[Start of section]
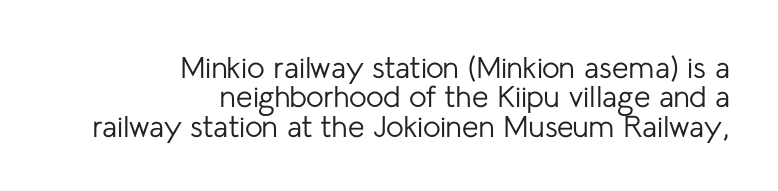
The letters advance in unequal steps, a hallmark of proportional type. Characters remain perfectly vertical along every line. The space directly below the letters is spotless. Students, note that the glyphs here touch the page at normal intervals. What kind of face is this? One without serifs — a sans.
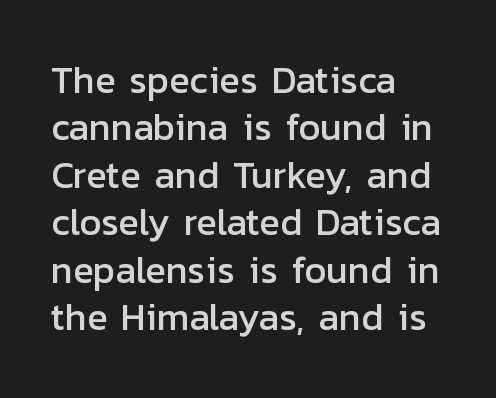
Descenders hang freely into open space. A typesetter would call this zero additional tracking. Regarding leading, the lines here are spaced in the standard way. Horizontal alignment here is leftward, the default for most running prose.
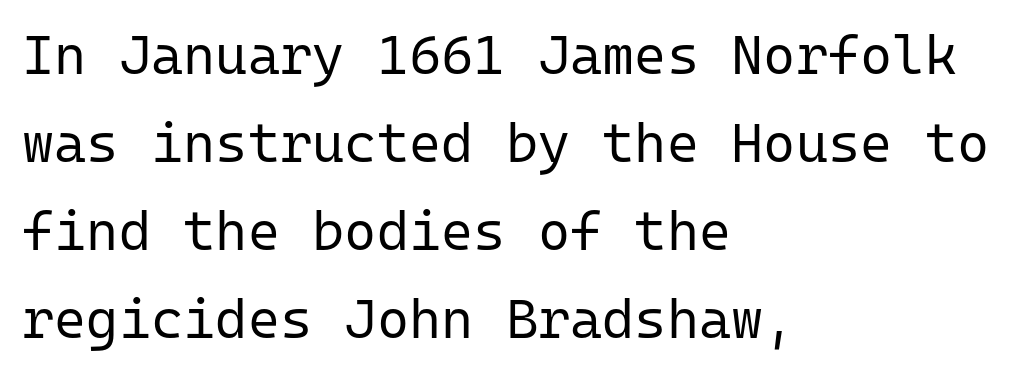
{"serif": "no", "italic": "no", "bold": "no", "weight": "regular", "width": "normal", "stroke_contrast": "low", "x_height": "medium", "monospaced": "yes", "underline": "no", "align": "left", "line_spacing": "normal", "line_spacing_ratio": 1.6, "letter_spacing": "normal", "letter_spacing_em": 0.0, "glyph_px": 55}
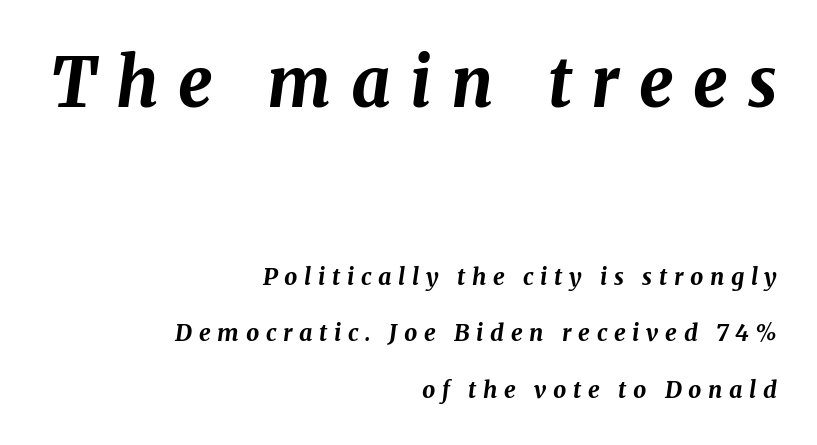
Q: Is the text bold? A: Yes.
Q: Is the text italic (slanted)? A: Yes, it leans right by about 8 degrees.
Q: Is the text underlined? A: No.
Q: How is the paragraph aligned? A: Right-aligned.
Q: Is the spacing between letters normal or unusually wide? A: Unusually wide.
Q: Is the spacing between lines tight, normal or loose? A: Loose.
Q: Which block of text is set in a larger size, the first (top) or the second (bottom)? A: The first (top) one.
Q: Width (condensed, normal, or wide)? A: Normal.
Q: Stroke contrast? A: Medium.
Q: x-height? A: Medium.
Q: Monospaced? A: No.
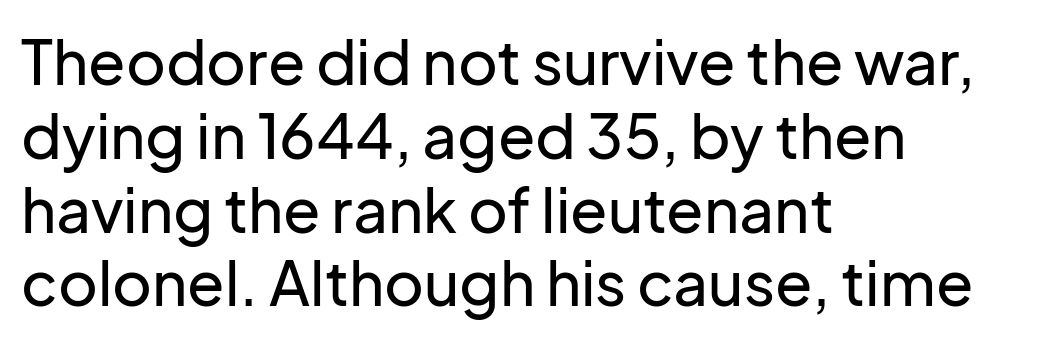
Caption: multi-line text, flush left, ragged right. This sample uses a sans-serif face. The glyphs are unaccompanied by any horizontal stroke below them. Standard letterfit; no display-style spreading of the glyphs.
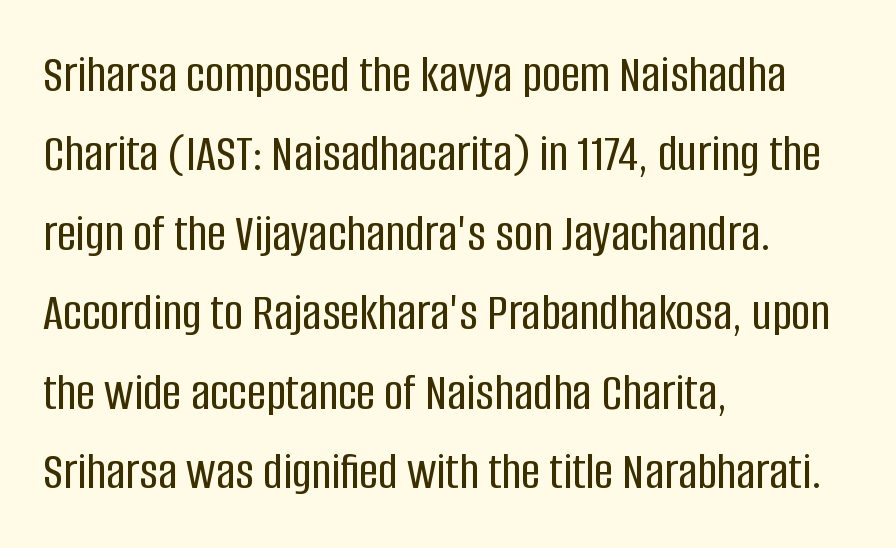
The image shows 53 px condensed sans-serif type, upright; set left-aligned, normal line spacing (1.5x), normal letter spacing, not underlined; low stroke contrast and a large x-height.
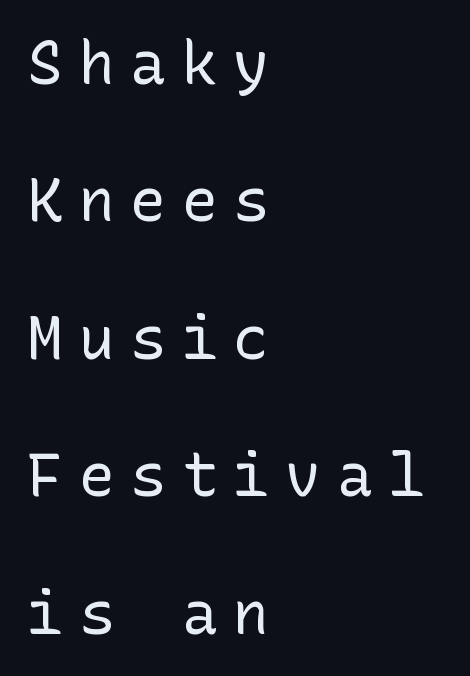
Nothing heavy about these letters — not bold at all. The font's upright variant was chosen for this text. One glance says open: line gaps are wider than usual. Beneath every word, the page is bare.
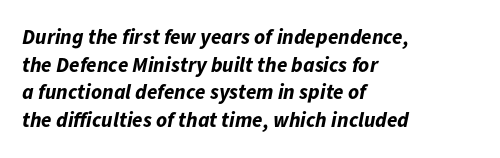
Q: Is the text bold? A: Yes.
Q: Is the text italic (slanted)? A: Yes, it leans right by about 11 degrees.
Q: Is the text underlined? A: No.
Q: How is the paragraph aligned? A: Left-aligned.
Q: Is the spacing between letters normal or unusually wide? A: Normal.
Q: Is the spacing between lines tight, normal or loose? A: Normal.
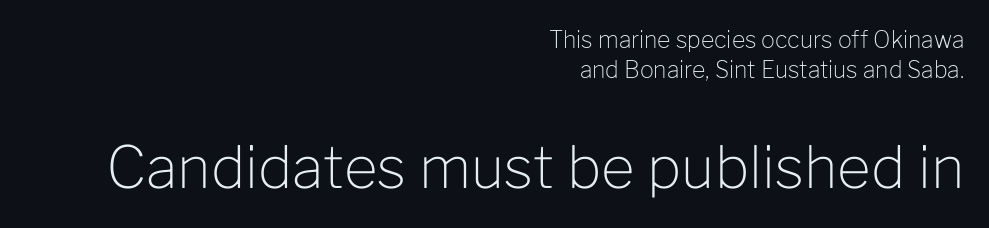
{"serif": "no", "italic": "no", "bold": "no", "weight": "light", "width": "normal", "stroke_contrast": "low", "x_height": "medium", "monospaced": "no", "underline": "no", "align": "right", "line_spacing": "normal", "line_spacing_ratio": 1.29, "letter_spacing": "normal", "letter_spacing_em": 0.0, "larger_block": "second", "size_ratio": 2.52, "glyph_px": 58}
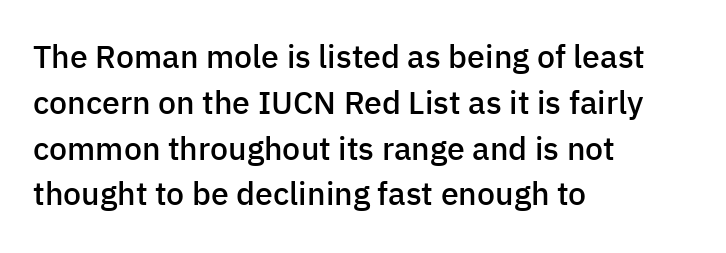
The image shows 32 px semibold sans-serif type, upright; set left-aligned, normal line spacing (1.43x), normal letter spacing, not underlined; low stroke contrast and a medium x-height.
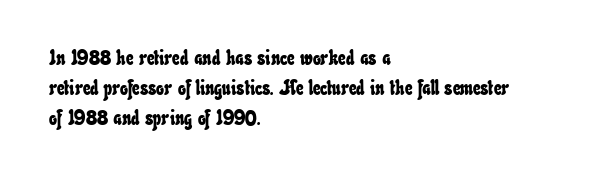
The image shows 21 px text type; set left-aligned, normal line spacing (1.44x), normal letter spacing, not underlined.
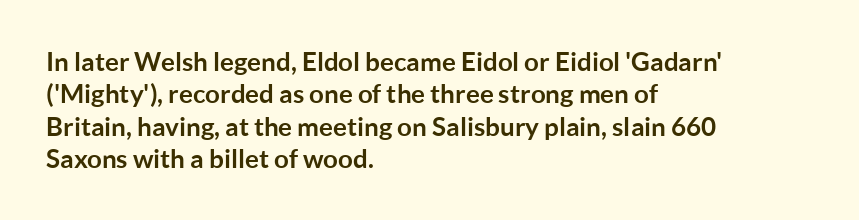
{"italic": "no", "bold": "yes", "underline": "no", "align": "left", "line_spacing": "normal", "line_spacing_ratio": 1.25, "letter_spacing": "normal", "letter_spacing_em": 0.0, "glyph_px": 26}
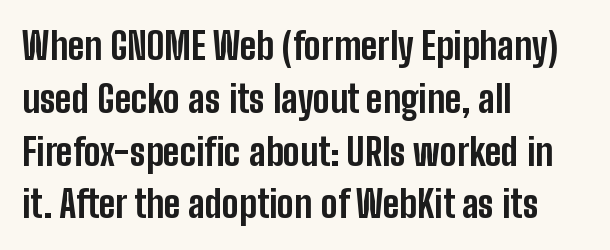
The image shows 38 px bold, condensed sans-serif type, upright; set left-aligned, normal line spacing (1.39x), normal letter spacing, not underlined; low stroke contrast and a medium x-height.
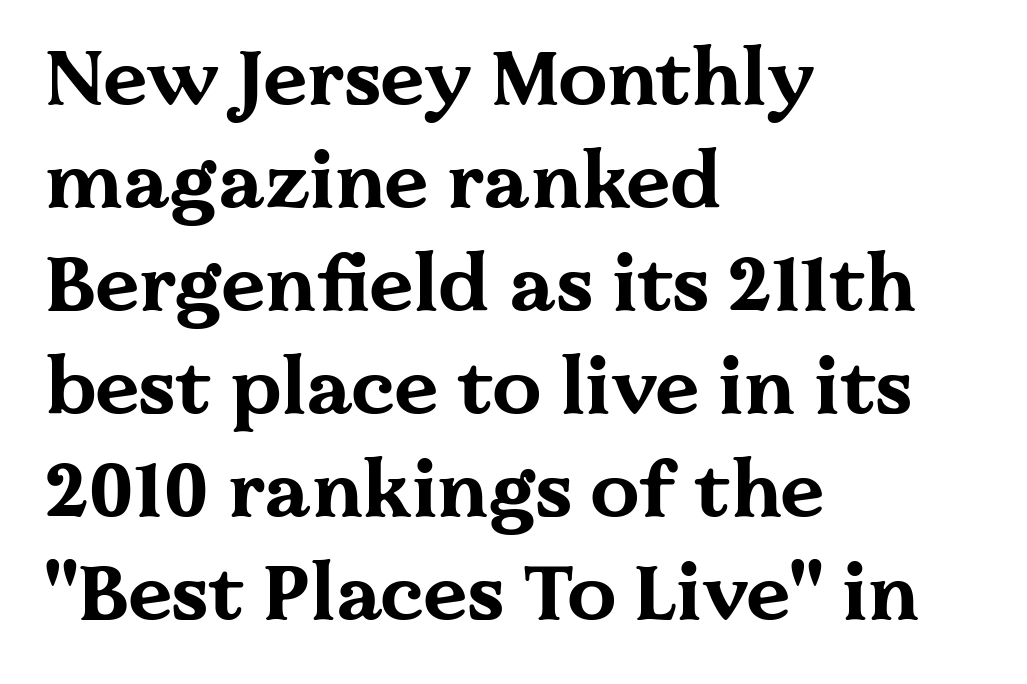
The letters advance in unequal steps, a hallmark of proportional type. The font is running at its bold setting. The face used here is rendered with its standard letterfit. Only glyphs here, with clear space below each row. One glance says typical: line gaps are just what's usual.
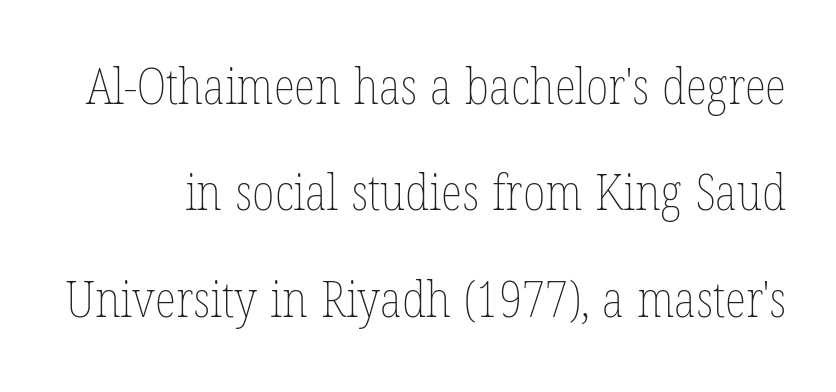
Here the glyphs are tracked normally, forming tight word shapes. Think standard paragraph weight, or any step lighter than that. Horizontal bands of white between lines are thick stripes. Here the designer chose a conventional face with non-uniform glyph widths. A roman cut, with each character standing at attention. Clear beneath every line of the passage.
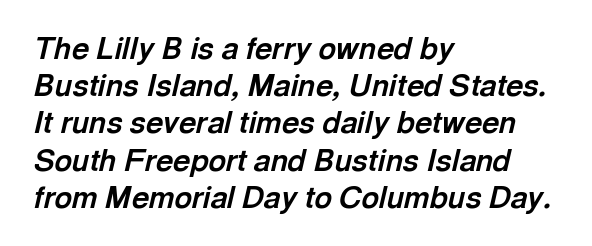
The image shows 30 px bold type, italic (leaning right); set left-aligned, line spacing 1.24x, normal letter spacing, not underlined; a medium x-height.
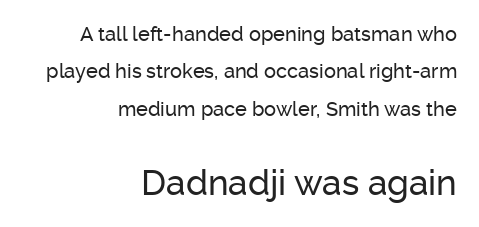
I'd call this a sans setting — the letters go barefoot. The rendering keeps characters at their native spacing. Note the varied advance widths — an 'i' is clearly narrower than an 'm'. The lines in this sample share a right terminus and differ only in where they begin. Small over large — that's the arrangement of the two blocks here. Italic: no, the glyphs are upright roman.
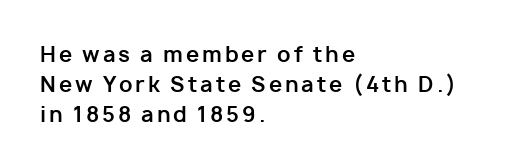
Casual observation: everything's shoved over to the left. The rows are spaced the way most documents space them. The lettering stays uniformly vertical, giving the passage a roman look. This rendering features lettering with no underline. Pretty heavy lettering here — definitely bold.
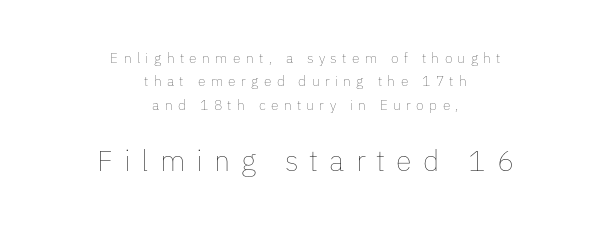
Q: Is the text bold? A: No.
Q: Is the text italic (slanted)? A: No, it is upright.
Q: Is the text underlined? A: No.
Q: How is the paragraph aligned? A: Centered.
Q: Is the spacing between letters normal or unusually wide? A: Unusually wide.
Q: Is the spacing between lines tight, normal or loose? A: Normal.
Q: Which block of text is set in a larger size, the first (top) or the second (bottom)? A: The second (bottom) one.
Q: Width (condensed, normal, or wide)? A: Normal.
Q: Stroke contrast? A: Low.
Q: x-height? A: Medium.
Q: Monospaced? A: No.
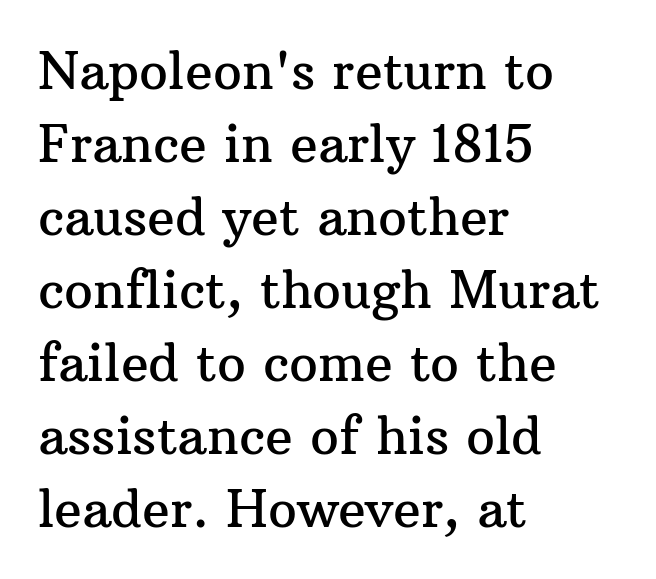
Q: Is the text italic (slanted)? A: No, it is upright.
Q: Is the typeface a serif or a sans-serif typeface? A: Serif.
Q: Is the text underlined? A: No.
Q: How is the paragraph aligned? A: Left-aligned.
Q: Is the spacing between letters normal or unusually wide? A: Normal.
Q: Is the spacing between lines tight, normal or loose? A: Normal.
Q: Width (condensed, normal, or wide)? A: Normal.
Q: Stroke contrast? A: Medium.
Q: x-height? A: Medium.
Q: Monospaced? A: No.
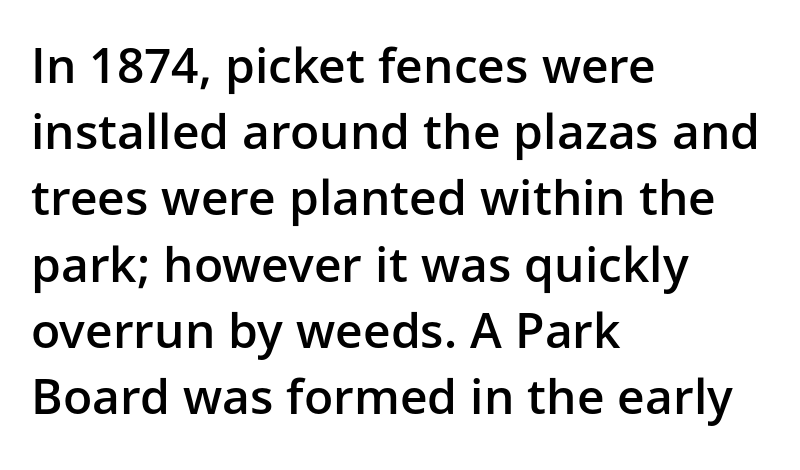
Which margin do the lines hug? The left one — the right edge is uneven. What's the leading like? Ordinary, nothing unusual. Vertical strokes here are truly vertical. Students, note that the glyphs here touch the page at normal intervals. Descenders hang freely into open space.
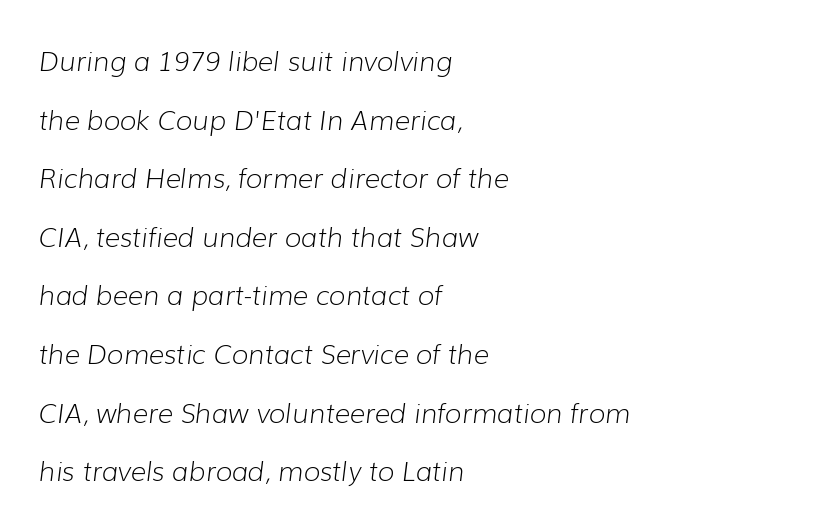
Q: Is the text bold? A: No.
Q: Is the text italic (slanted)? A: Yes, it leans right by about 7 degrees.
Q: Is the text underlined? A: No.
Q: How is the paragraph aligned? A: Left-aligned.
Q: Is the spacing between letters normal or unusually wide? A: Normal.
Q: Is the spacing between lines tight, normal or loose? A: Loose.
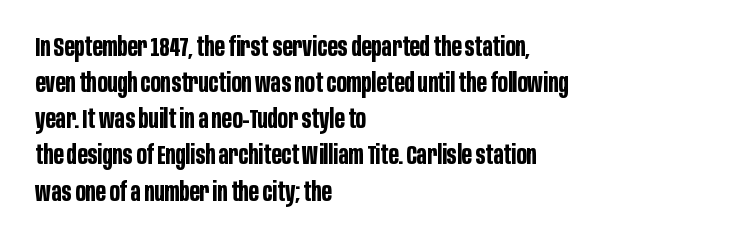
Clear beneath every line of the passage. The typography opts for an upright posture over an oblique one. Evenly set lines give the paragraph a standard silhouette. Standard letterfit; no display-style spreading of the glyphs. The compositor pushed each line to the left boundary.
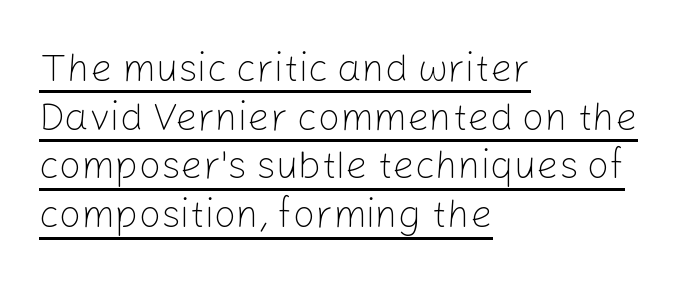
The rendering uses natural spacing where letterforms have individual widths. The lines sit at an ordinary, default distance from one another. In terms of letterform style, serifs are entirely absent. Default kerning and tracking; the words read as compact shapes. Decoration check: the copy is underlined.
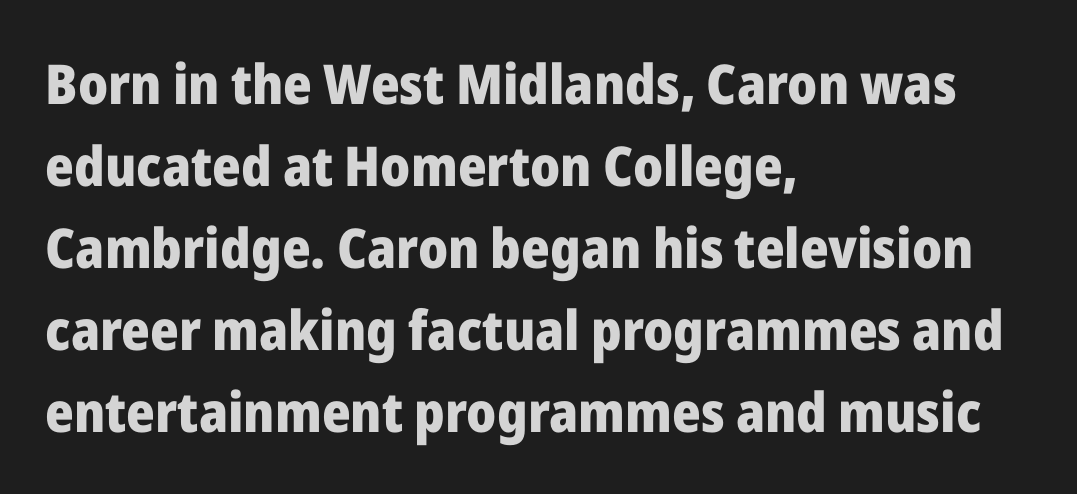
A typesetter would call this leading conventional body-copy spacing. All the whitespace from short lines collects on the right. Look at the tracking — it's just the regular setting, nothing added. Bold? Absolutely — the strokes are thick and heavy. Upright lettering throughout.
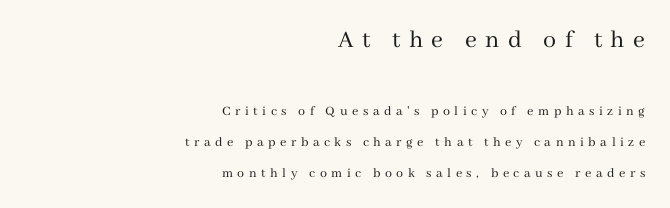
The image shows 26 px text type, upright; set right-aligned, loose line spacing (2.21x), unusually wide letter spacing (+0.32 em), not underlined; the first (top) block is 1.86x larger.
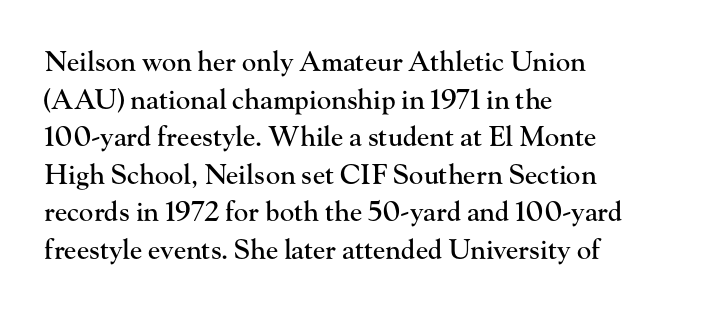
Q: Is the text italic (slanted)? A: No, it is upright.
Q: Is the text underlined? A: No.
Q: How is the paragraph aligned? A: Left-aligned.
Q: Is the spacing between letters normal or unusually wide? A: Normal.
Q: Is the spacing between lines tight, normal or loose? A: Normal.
[End of section]
• **DIRECTIONS**: Go through the material and copy each line that contains "first".

• **EXERCISE ANSWER**:
Q: Which block of text is set in a larger size, the first (top) or the second (bottom)? A: The first (top) one.
Q: Which block of text is set in a larger size, the first (top) or the second (bottom)? A: The second (bottom) one.
The image shows 26 px text type, upright; set right-aligned, loose line spacing (2.21x), unusually wide letter spacing (+0.32 em), not underlined; the first (top) block is 1.86x larger.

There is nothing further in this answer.